家政婦の清水さんが、夕食を作るために訪問してきたのだ。
「旦那様、お昼はお食べになりました?」
「ああ、温めて食べたよ。いつもありがとう。由川だが、高校の友人と外で食事をするそうだ。」
お昼のことを申し訳なくも思っていたのか、大山はわざわざ玄関まで迎えに来た。
「ええ、私にも連絡ありました。今日はシチューにしますね。」
「ああ、シチューか、それは楽しみだ。」
大山の好物らしい。
「ワインはまだ、残ってたかな?」
清水さんは、買い物かごからワインの瓶を取り出す。
「今朝、一本なくなったので、買い足しておきました。」
「それは助かる。」
大山のワイン好きを知っている清水さんは、ストックがなくならないようにいつも気を配っているのだ。

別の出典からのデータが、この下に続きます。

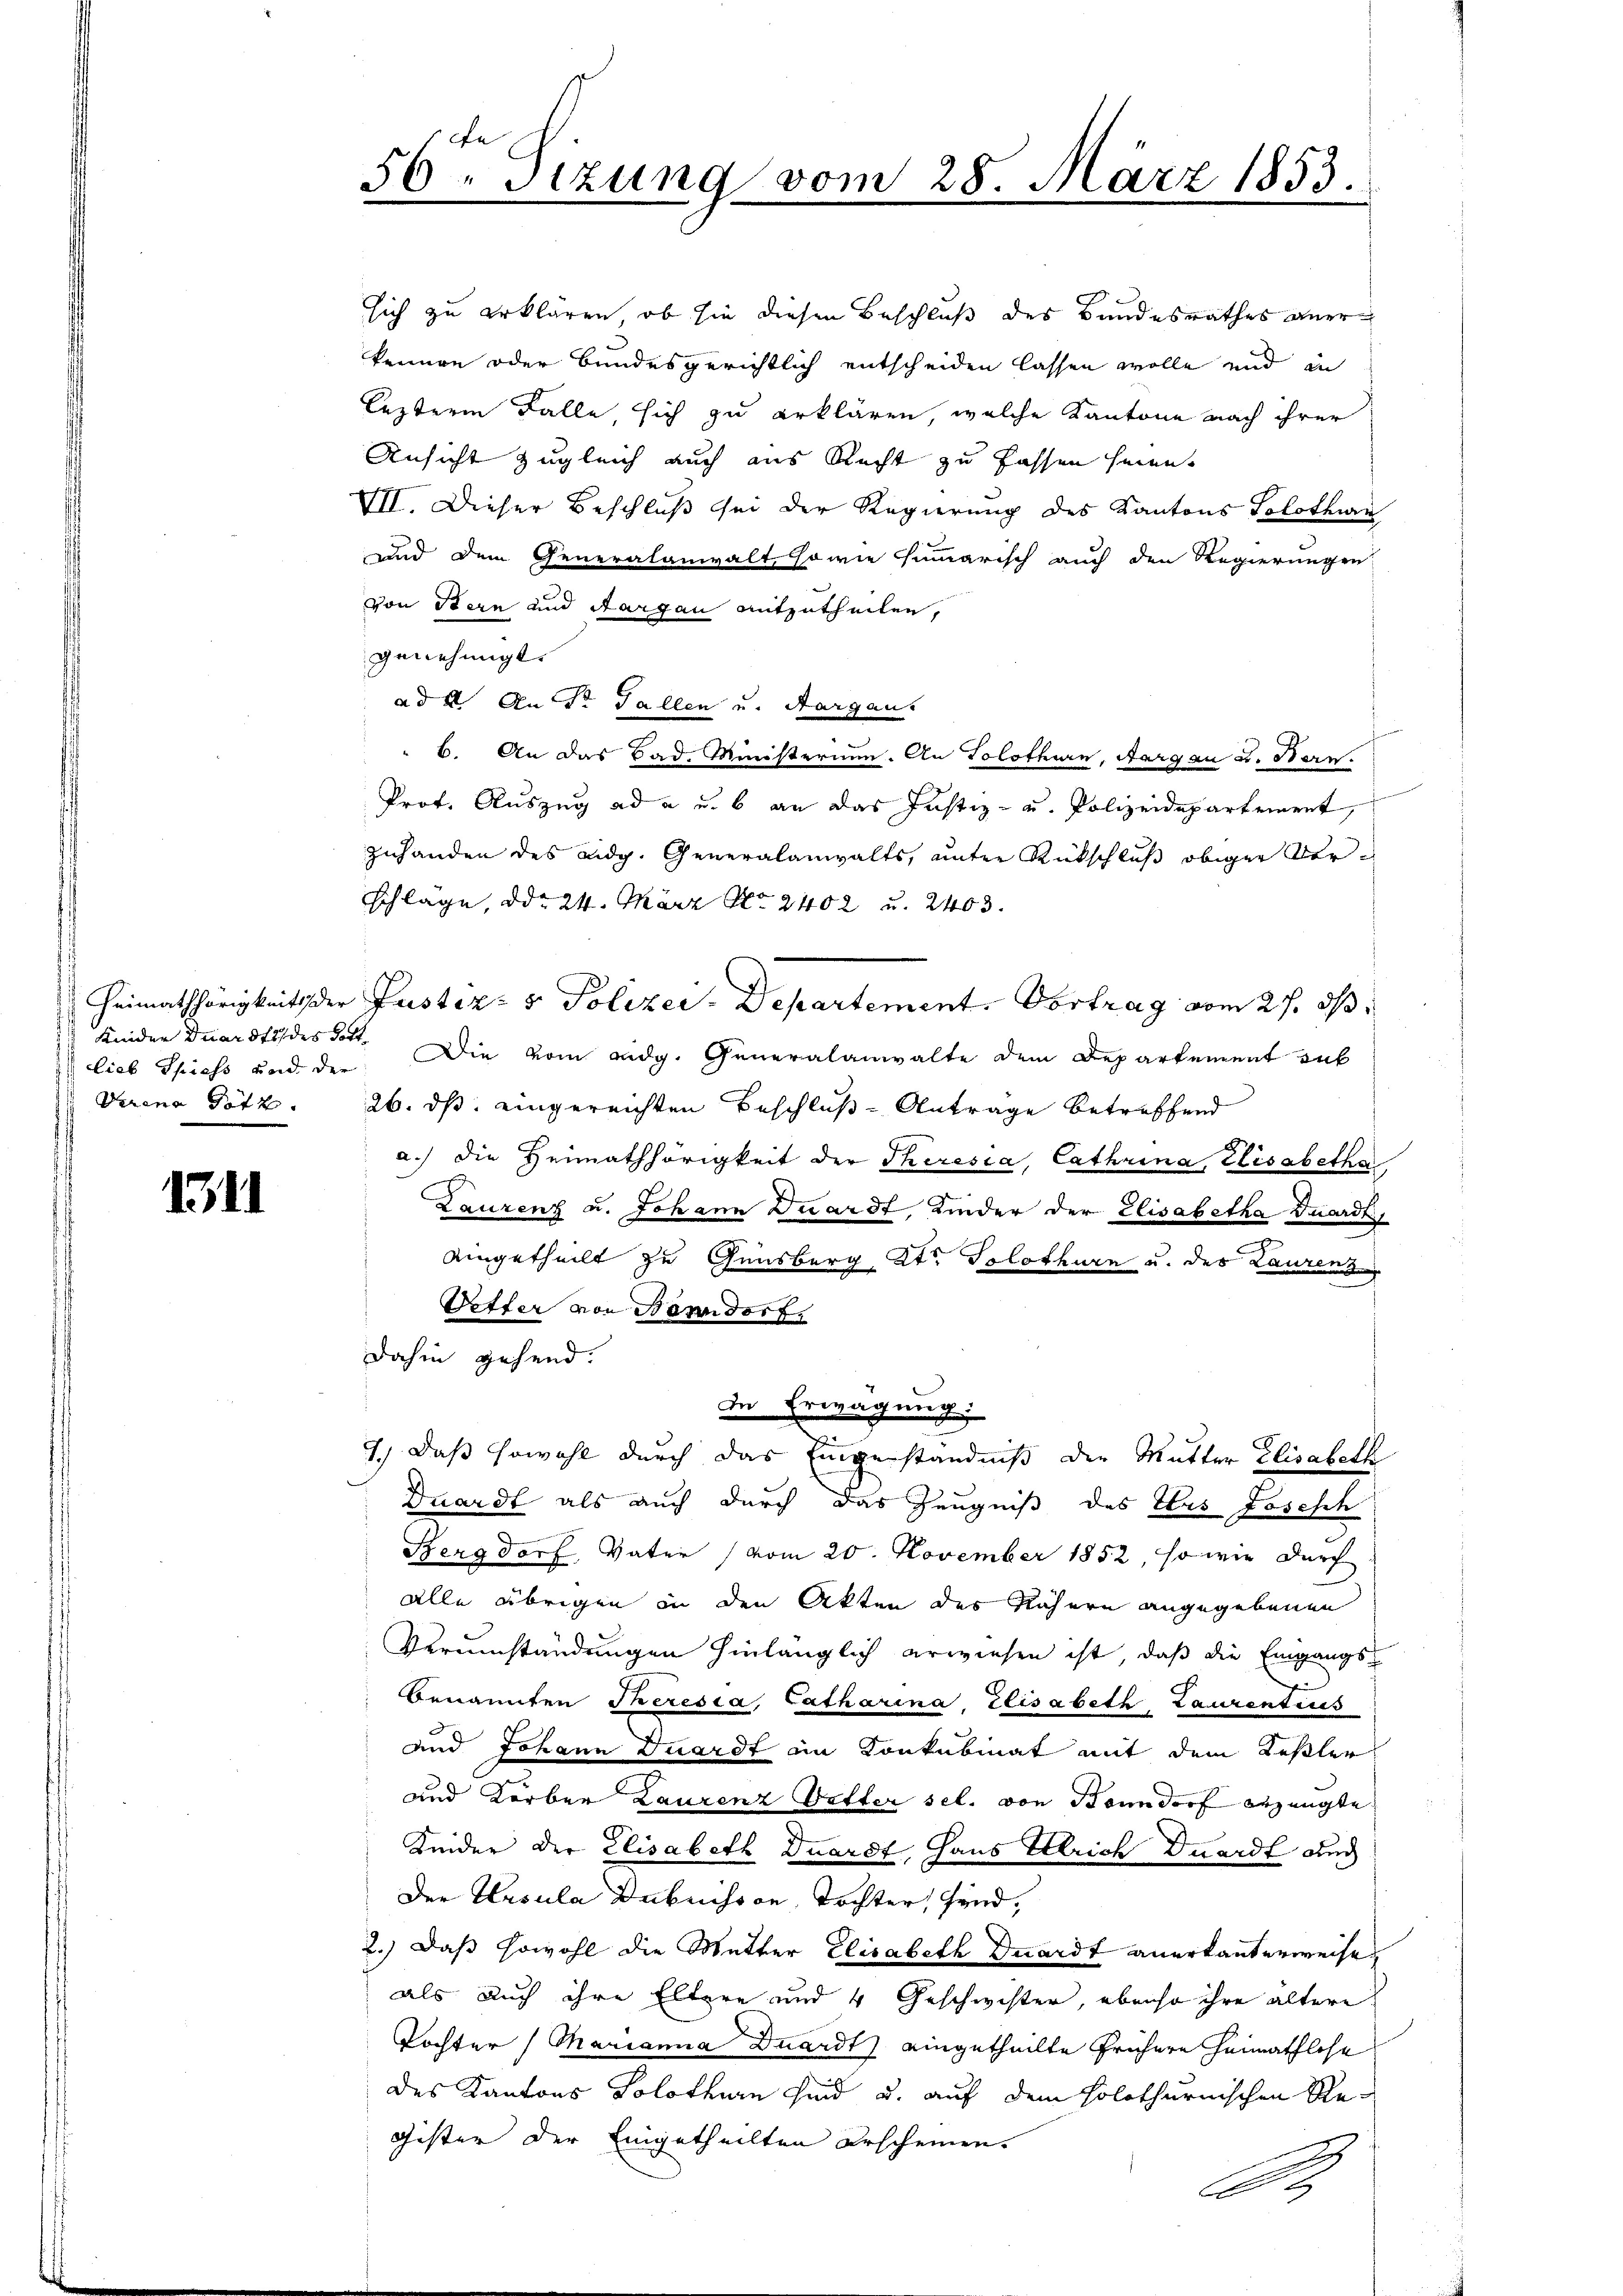
Kinder duardt des Gott

1311

56. Sizung vom 28. März 1853.

sich zu erklären, ob sie diesen Beschluß des Bundesrathes anerkennen oder bundesgerichtlich entscheiden lassen wolle und in
lezterm Falle sich zu erklären, welche Kantone nach ihrer
Ansicht zugleich auch aus Recht zu fassen seien,
VII. Dieser Beschluß sei der Regierung des Kantons Solothwen
und dem Generalanwalt, sowie summarisch auch den Regierungen
von Stern und Sargau mitzutheilen,
genehmigt.
ad 2. An Dr Fallen und Aargau.
 6. An das Bad. Ministerium. An Solothurn, Aargau u. Bern.
Prof. Auszug ad a u. 6 an das Justiz- u. Polizeidepartement,
zuhanden des eidg. Generalanwalts, unter Rückschluß obiger Verschläge, ddo 24. März No. 2402 u. 2403.
 Heimathörigkeit der Justiz- & Polizei-Departement. Vortrag vom 27. ds.
lieb Spiess und der Die vom eidg. Generalanwalte dem Departement sub
Verena Götz. 26. ds. eingereichten Beschluß-Anträge betreffend
a.) die Heimathörigkeit der Theresia, Cathrina, Elisabetha
Laurenz u. Johann Duardt, Kinder der Elisabetha Duardt
eingetheilt zu Gunsberg, Str. Solothurn u. des Laurenz
Vetter von Banndorf,
dahin gehend.
de Erwägung
1.) Daß sowohl durch das Eingeständniß der Mutter Elisabeth
Duardt als auch durch das Zeugniß des Elas Josesch
Sergdorf, Vater (vom 20. November 1852, so wie durch
alle übrigen in den Akten des Nähern angegebenen
Verumständungen hinlänglich erwiesen ist, daß die Eingangs-
Benannten Theresia, Catharina, Elisabeth Laurentius
und Johann Duardt in Konkubinat mit dem Keßler
und Korber Laurenz Wetter sel. von Bonndorf erzeugte
Keider der Elisabeth Duardt, Haus Ulrich Duardt auch
Der Ursula Dubuisson, Tochter, Gend,
2.) Daß sowohl die Mutter Elisabeth Duardt anerkannterweise
als auch ihre Eltere und 4 Geschwister, ebenso ihre ältere
Tochter (Marianna Duardt eingetheilte frühere Heimathlose
des Kantons Solothurn sind u. auf dem holothurnischen Re¬
Gister der Eingetheilten erscheinen.
5
De
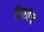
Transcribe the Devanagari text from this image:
हिरवेच
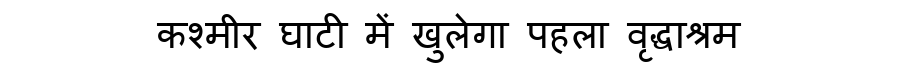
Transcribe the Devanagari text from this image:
कश्मीर घाटी में खुलेगा पहला वृद्धाश्रम
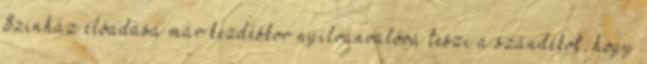
Színház előadása már kezdéskor nyilvánvalóvá teszi a szándékot, hogy
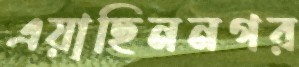
এয়াছিননগর
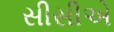
સીસીએ
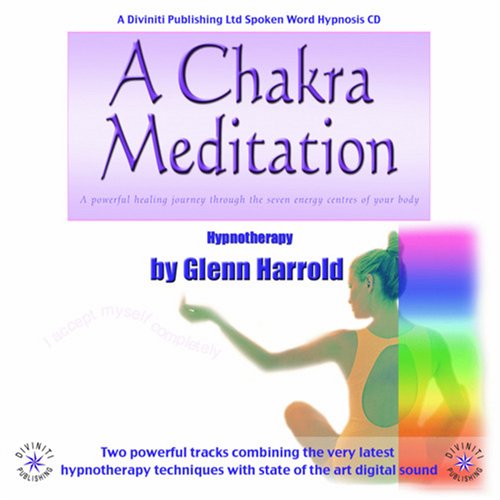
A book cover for A Chakra Meditation; Glenn Harrold; Self-Help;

彼女が家政婦の仕事を始めた当初は、不愛想な大山に戸惑いもしていたが、最近では扱い方が分かってきたようである。それに、大学を卒業した甥の由川に、地元の役所の職を紹介してもらったばかりか、大山の自宅を下宿にも使わせてもらって感謝しているのだ。
「誠のこと、部屋をお貸しいただいて、あの子も感謝しているといつも言っております。」
「ああ、いいんだよ。彼がこちらに戻って就職すると聞いて、ここに住みなさいと薦めたのは私なんだ。」
いつになく機嫌の良さそうな大山を見て、清水さんは普段から気になっていたことを少し聞いてみようかなと思った。
「誠に聞いたのですが、旦那様は、奥様が亡くなられて随分長い間、お独りとお聞きしました。ご再婚はお考えにならなかったのですか?」
大山は、黙ってワインの瓶をしばらく見つめる。
「私のような偏屈ものは、独り身が良い。誰にも迷惑をかけず、誰からも迷惑をかけられない。そんな生き方が私には合っている。」
清水さんは、少し恐縮した感じで縮こまった。
「そうですか、、、申し訳ありません、差し出がましいことを。」
「いや、いいんだ。」
ああ、余計な事を聞いてしまったかしら、そんなことを考えながら、清水さんは頭を下げると、
「それでは、私は、夕食の準備をしてまいります。出来上がったらお呼びいたします。」
そう言って食堂に向かって行った。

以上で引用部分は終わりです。